I had a clinic appt yesterday with renal docs and things aren't looking so good. I'm having a flare so it looks like Cellcept can't hold the WG for me, even though I tolerate it really well. I have to up my dose to 1 gram twice a day and pred up to 20mg from 5mg, then drop to 15mg for two weeks etc back to 5mg.
I'm back at the clinic in a month and if the increased meds haven't worked I get to try lovely Rituximab! My doc doesn't want to put me back on the cyclo as I've already had 6 months of it and they're concerned about fertility amongst other things. I'd appreciate some feedback from anyone who's had Rituximab as to what I can expect.

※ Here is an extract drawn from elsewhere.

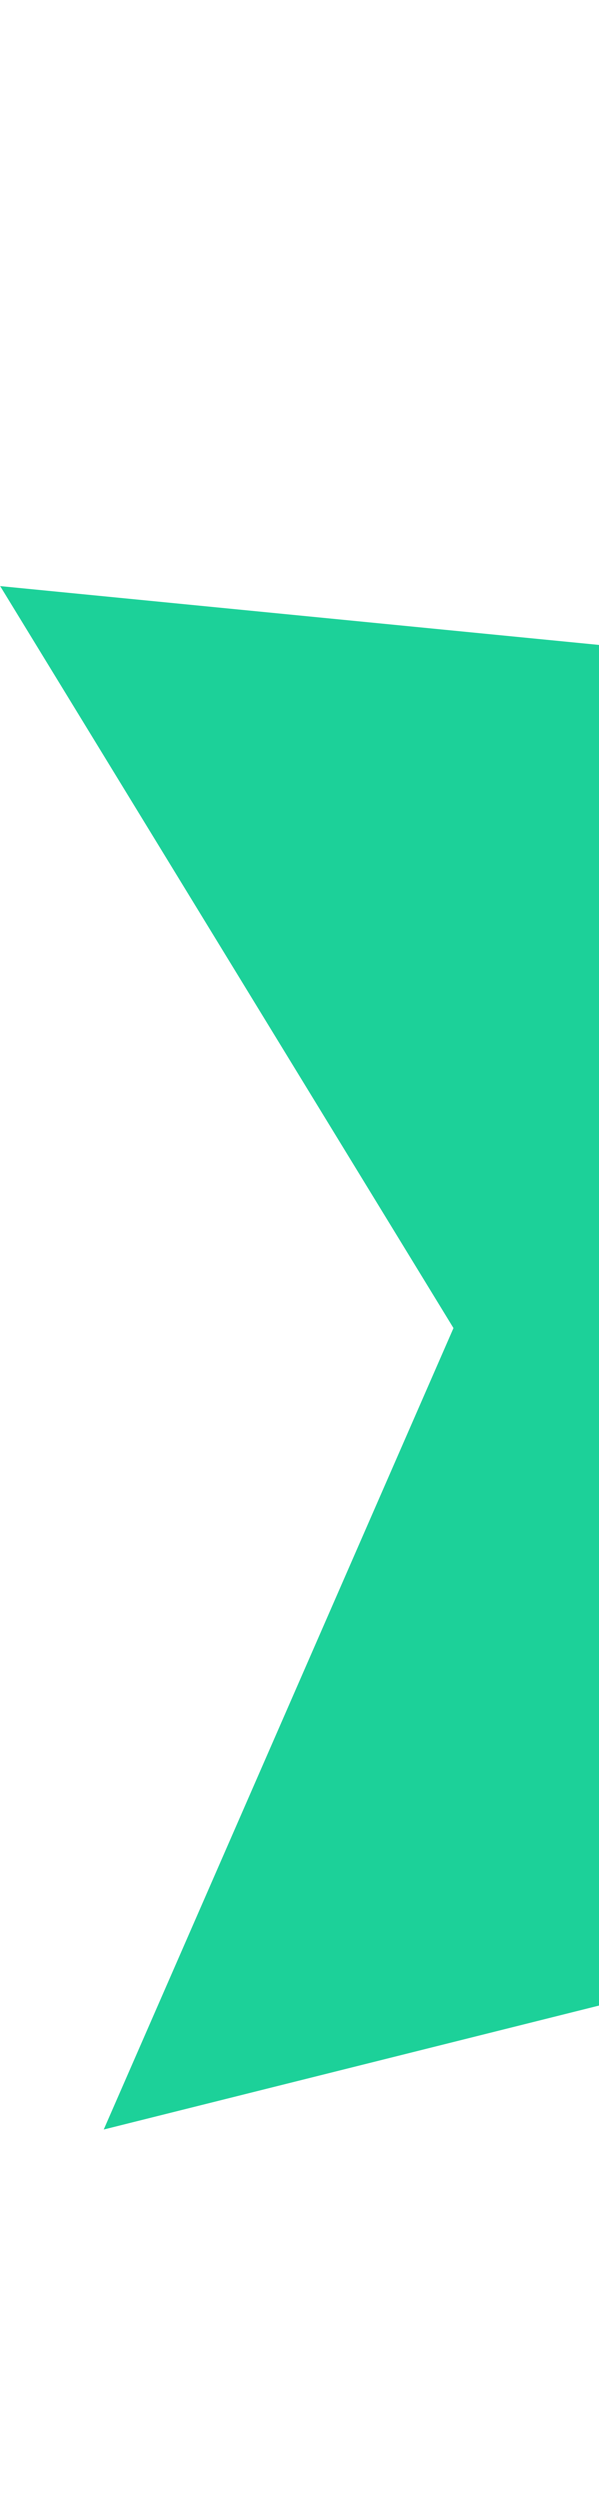 <svg width="208" height="867" viewBox="0 0 208 867" fill="none" xmlns="http://www.w3.org/2000/svg">
<path fill-rule="evenodd" clip-rule="evenodd" d="M834.081 410.674L556.49 296.694L493.308 0.639L298.716 232.569L0.059 203.268L157.467 460.595L36.019 738.541L327.893 665.588L551.503 866.775L574.502 564.338L834.081 410.674Z" fill="#1CD199"/>
</svg>

Also, my Hb and iron is low so I have to go in as a day patient to receive an Iron infusion by IV. Has anyone else had this and if so, is it a breeze?

On the plus side my liver and kidney function are good, lungs sound ok, I've lost a couple of kilos and my cholesterol is 4.8. I think the flare may be affecting sinuses and ears this time as I constantly feel congested and am deaf in one ear for a lot of the time. I've not had involvement here before but it looks like I get to experience more of a full range of WG symptoms.

Disappointing as I've been steadily improving for months now, but the only problems I notice are the deafness and being even more tired than usual due to the anaemia.

I guess I may as well end this year in the same way I started it, but the wedding is going ahead whatever!

Sangye
12-31-2009, 02:02 AM
Oh, Luce, I'm sorry to hear you're in a flare. What dose of Cellcept have you been on? The usual is 2,000 mg/day. The problem with increasing it once a flare has started is that it takes a month to kick in.

That's what happened to me. I was on 2,000 mg/day for a long time and it never felt like enough. We increased it to 3,000 mg/day once the flare was in full swing but it was too late and the Wegs outran it. That's how I wound up on cytoxan. But it destroyed too much bone marrow, and that's how I wound up on Ritux!

I haven't had iron infusions. When I got my rtx infusions several people were getting iron. One had an immediate allergic reaction (treated with benadryl and IV pred) to one type. She later did just fine on another type.

Luce
12-31-2009, 02:16 AM
I've only been on 1500mg a day, do you think that's a little low?
I am very much a larger girl but I'm not sure if dose is decided on weight like with ctx, my doc said yesterday that a max dose is 3g a day but they're reluctant to go much higher because of the low haemoglobin levels and anaemia. I'm also worried that this might be too little too late and wonder if a 4 month gap between blood tests and check ups was too long. I've not worried because my ANCA has to be way up before I feel ill and I've not really had any definite symptoms. ANCA's always been a reliable marker for me and I've gone from 10 to 53 in four months, which is the smallest flare I've seen since being diagnosed.
I'm also wondering if having the seasonal and swine flu shots are responsible for the flare...

Sangye
12-31-2009, 02:23 AM
Cellcept isn't dosed by body weight. It seems odd to me that they wouldn't fix your anemia if it's interfering with you taking a full dose of Cellcept. Seems backwards to drop the Cellcept because of anemia! 1,500mg/day is very low.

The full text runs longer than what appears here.